Волк среди волков - Розенталь Роза Абрамовна. Страница 134
Но, к сожалению, молодой человек сейчас же вышел обратно, да к тому же только со стариком Ковалевским. К Зофи он, верно, и не заходил, она продолжала распевать у себя в каморке под крышей. Оба поспешно вышли из деревни и межой на проселочную дорогу. Ковалевский держался на полшага позади барина, как хорошо обученная охотничья собака. Когда молодой человек словно снег на голову свалился к ним в чистую горницу да еще в воскресенье вечером и сказал: «Идемте-ка со мной, Ковалевский», старик пошел сейчас же, ни о чем не спрашивая. Бедный человек не спрашивает, а делает что приказано.

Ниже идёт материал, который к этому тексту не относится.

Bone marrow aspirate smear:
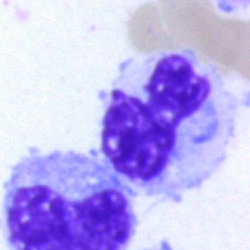
{"cell_type": "artifact"}

Штудман ждал там, где дорога сворачивала в поле.
— Добрый вечер, Ковалевский. Хорошо, что пришли. Пагель рассказал вам в чем дело? Нет? Так… Куда ведет эта дорога?
— К нам, на дальние участки, а затем в лес к старому барину.
— Крестьянские поля тут с нами не граничат?
— Нет, все только наша земля. Участки пятый и седьмой. А по другую сторону четвертый и шестой.
— Так… Если бы четверть часа назад вы встретили здесь шесть-семь человек, идущих молча, с корзинами за спиной, на вид пустыми, — что бы вы подумали, Ковалевский?
— Идущих туда? — ткнул пальцем Ковалевский.
— Да, идущих туда, вот по этой дороге вдоль участков.
— Идущих оттуда? — ткнул пальцем Ковалевский.
— Да, Ковалевский, они, вероятно, шли оттуда, не отсюда, не из деревни.
— Тогда это из Альтлоэ.
— А что им понадобилось у нас на поле в такую темень?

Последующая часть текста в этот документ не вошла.